Each of these rules are general statements of principles that are subject to many exceptions, qualifications, and nuances. They do not deal with the liability of the Actor to the LLC or the liability of the LLC to the third party.
Further, there are many other factors that may have an impact on the liability of the Actor to the third party. For example, while as a matter of common law an agent may not have obligations under a contract between the principal and the third party, the agent may agree to become a party to that contract or may be subject to liability under other state statutory or common law.

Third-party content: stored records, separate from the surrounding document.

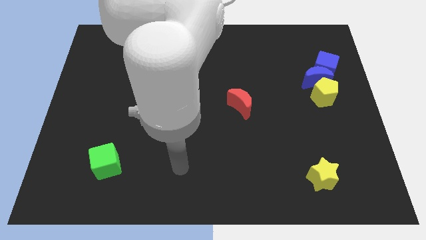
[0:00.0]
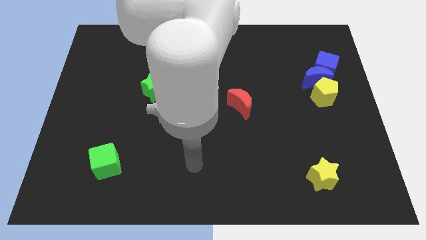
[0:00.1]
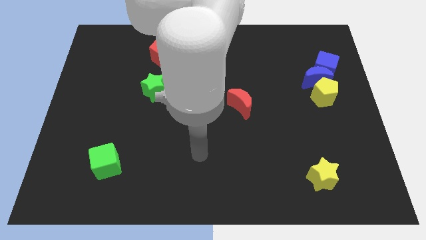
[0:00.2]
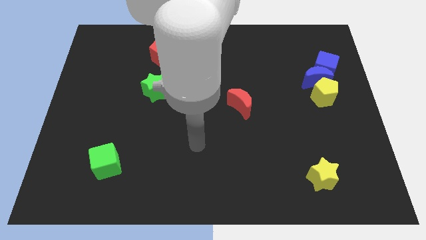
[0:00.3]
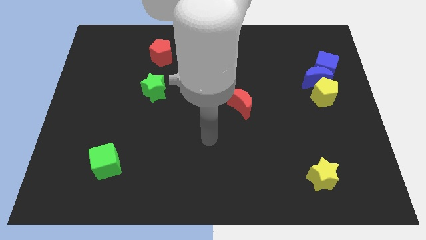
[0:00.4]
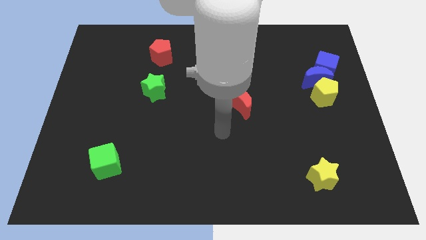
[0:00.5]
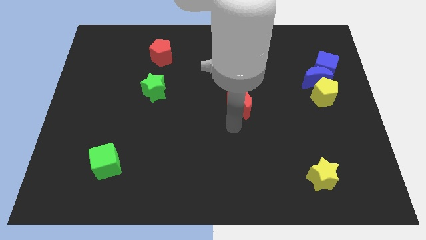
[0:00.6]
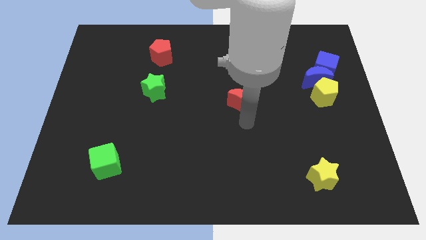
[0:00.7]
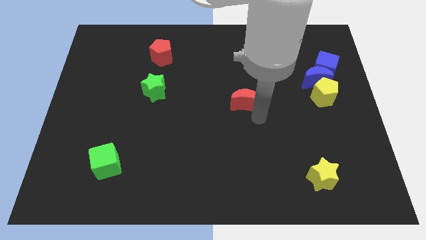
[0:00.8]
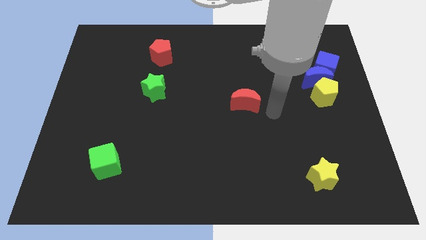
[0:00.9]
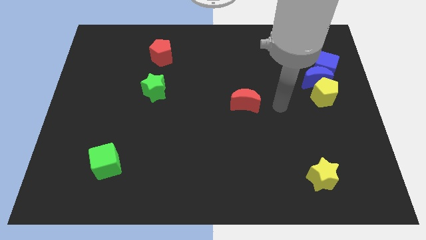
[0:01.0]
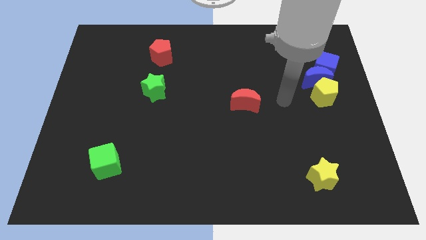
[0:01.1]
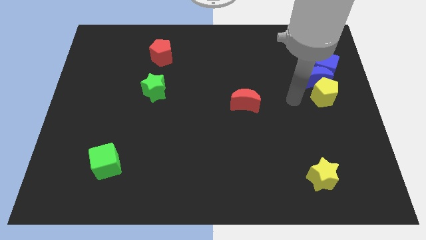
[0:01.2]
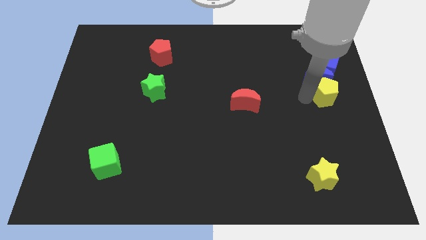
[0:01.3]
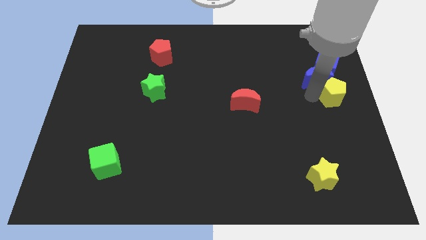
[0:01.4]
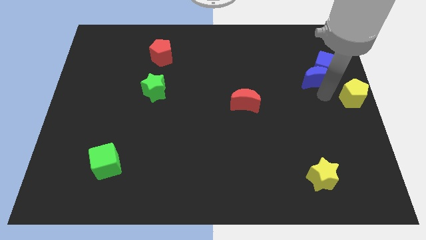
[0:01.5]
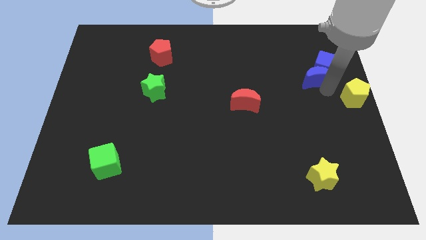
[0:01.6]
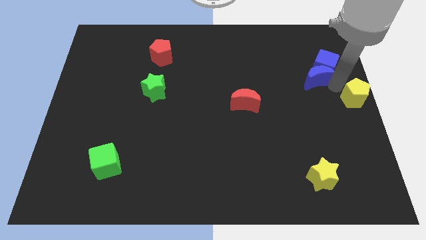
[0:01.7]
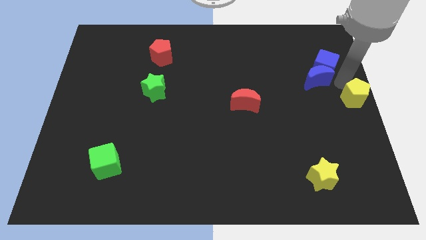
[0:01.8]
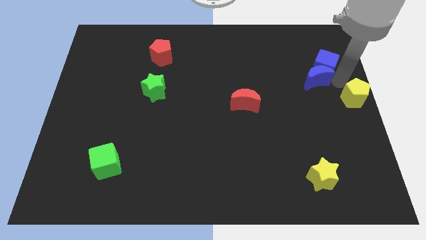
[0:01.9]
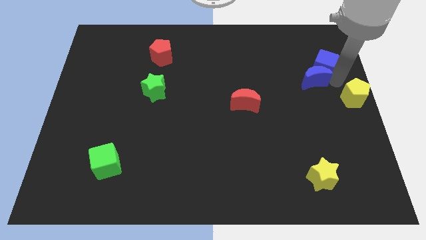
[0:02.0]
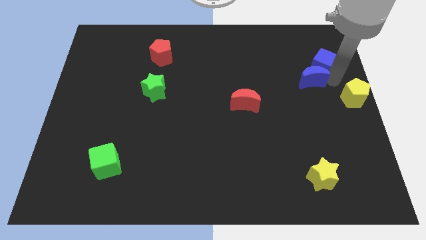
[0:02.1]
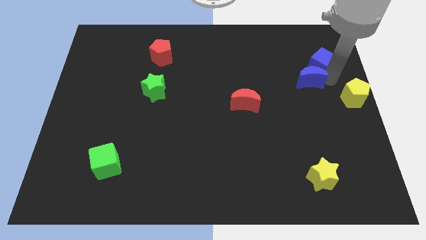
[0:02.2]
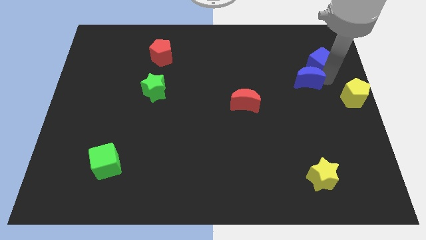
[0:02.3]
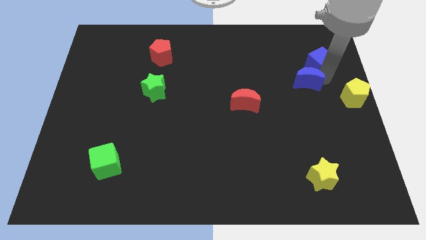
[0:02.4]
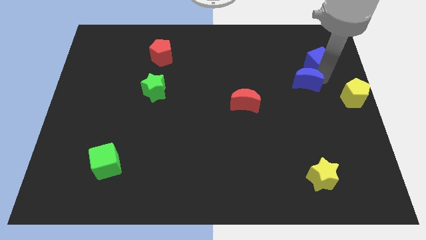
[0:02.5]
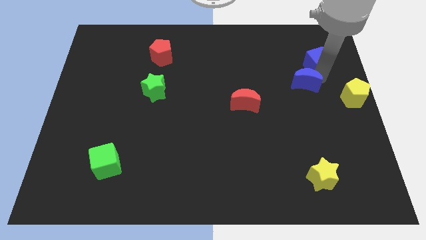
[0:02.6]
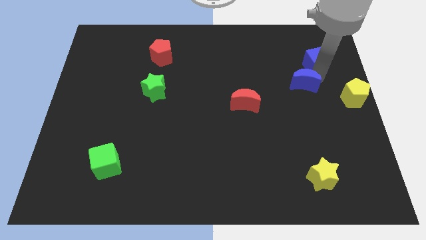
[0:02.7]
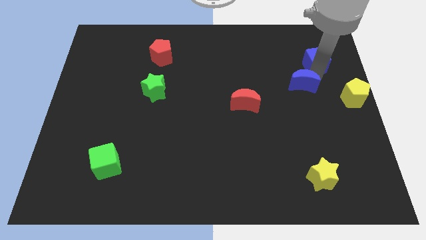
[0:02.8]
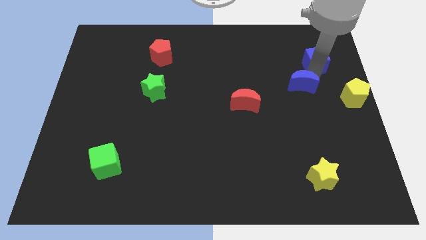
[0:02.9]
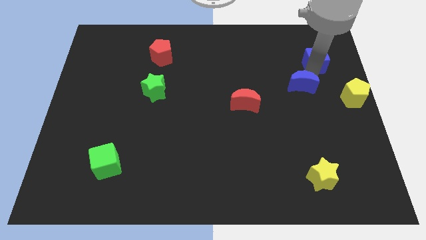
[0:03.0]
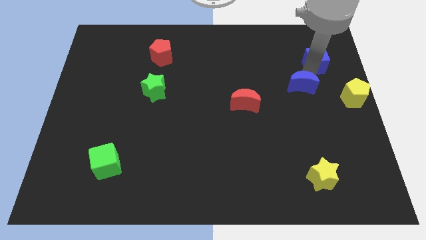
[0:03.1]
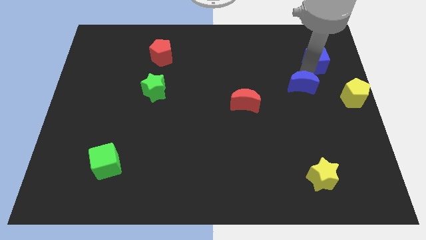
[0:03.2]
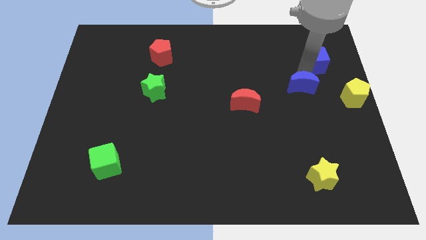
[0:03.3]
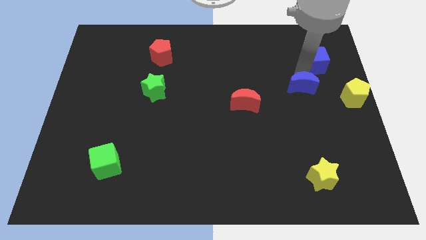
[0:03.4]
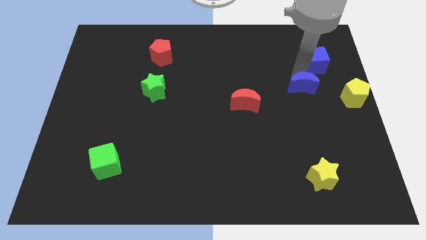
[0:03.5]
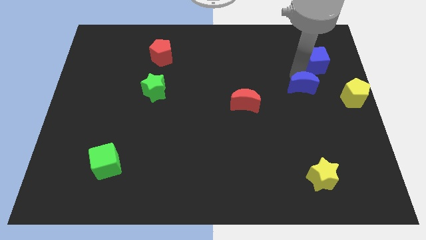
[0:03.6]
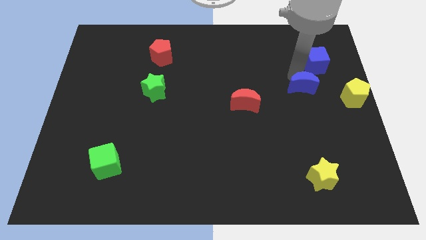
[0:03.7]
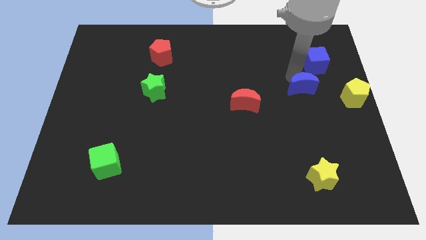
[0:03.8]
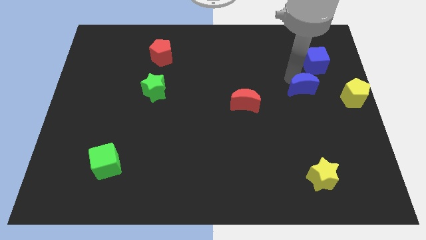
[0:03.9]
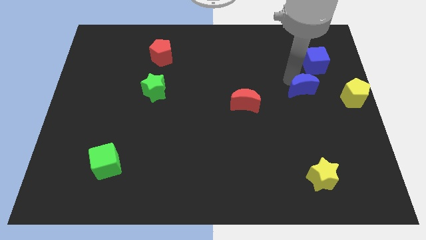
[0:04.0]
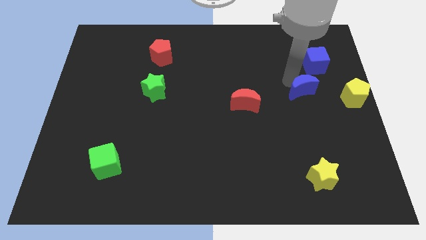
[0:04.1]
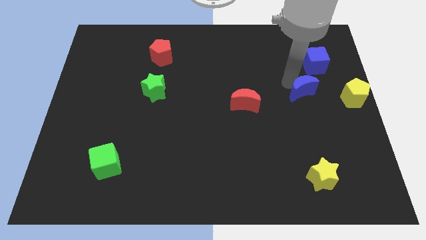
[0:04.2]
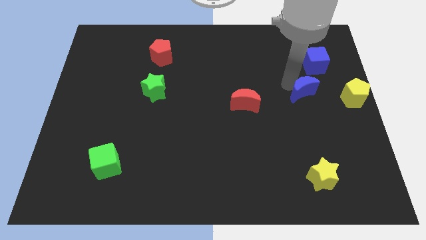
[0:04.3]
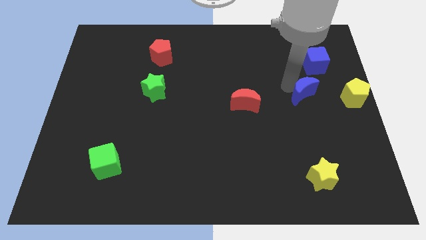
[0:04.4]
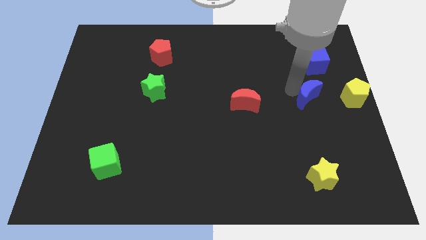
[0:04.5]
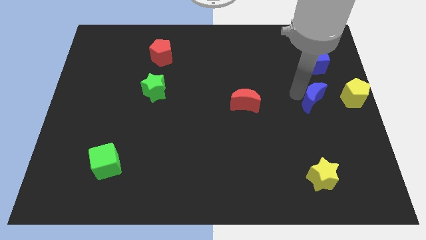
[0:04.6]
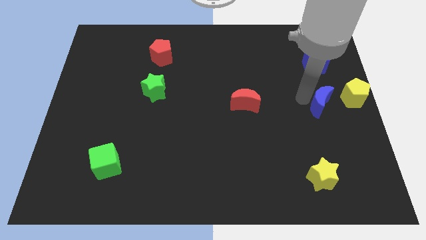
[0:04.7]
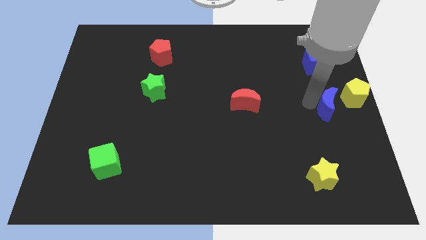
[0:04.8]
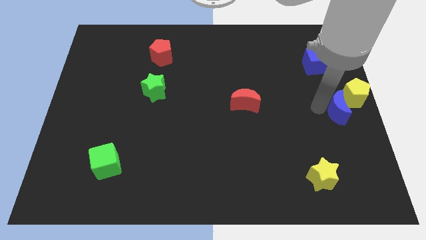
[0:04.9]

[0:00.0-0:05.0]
pull the blue moon apart from the blue cube and yellow pentagon

In addition, as noted above, the Economic Loss Rule varies from the rules with respect to economic harm articulated in the Restatement of Torts: Liab. for Econ. Harm. The rules under the Economic Loss Rule and those under the Restatement differ on the extent to which the Actor is protected in the case of economic harm (under the Restatement, the protection is limited to economic loss caused by negligence in the negotiation or performance of a contract between the parties while the economic loss rule has been read as broadly as to eliminate liability in tort for causing any economic loss to another), and the extent to which the damages that the third party has sustained constitute “economic loss” or “economic harm” (the Restatement attempts to clarify the distinction between “economic loss” and injury to the plaintiff’s person or property in a way that is more rigorous than that employed by the common law of some states). Thus, the liability of the Actor may turn on whether the jurisdiction in which the claim is determined has adopted the Restatement of Torts: Liab. for Econ. Harm or some variation on the “Economic Loss Rule.”

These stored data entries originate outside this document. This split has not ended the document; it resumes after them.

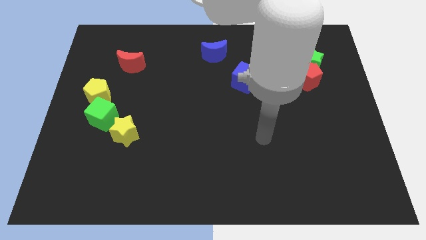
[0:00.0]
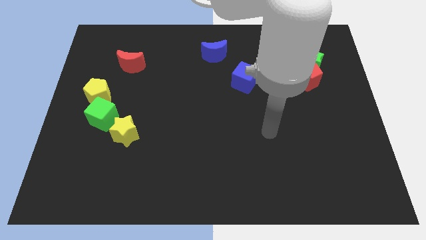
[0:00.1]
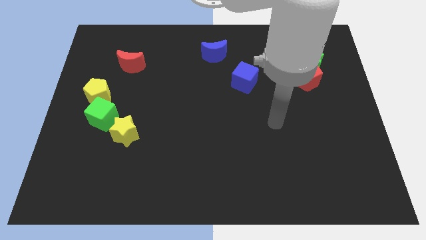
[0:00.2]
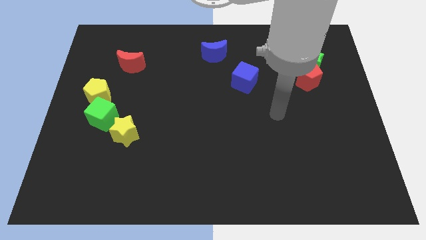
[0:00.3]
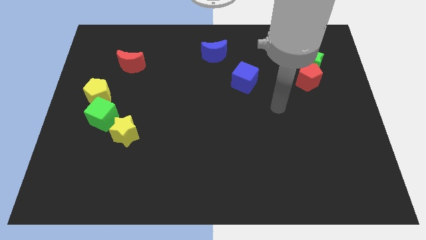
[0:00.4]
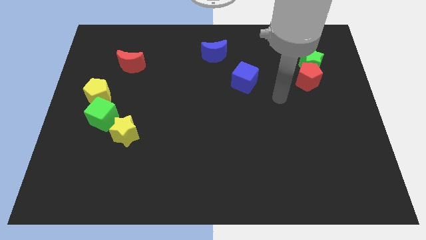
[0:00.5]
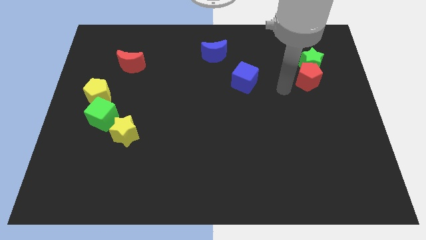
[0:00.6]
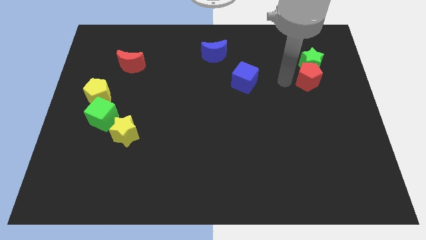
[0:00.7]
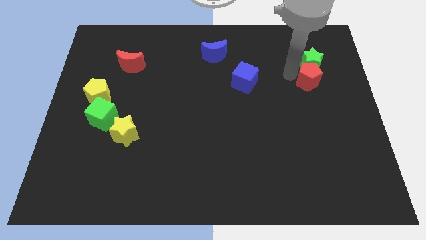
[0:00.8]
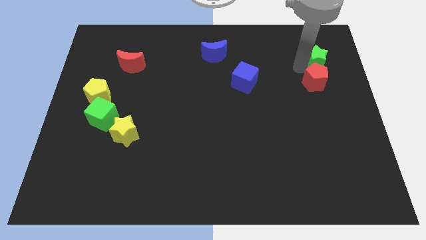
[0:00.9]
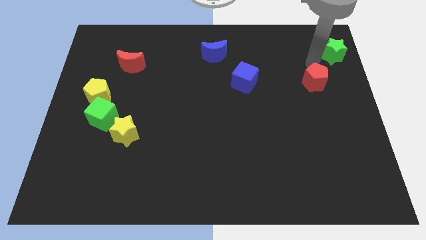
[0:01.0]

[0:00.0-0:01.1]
separate the red pentagon from the green star

Nonetheless, the important lesson that may be taken from this Sturm und Drang of varying rules is that the liability of a manager or other Actor for actions taken on behalf of the LLC of which he or she acts is neither automatic nor totally precluded. In determining that liability, a court will need to analyze the nature of action (i.e., tort or contract), to duties owed by the Actor and to whom the duties are owed, the nature of the damages sustained by the third party (i.e., whether they are “economic” or not), and the language and intent of the state LLC statute. The cost and uncertainty of this analysis, as well as the clear encouragement that all of the rules provide for the parties to anticipate these problems before they arise, all strongly argue for contractual undertakings involving principals, agents, third parties, and – if appropriate – insurers at the outset of the transaction. As stated in the Restatement of Torts: Liab. for Econ. Harm § 3 Comment b:
When a party’s negligence in performing or negotiating a contract causes economic loss to the counterparty, remedies are determined by other bodies of law: principally the law of contract, though sometimes also the law of restitution or relevant statutes. The law of contract and the law of restitution have been developed for the specific purpose of allocating economic losses that result from the negotiation and performance of contracts. They provide a more extensive and finely tuned apparatus for the purpose than the law of torts, which has developed primarily to address injuries that occur outside contractual relationships.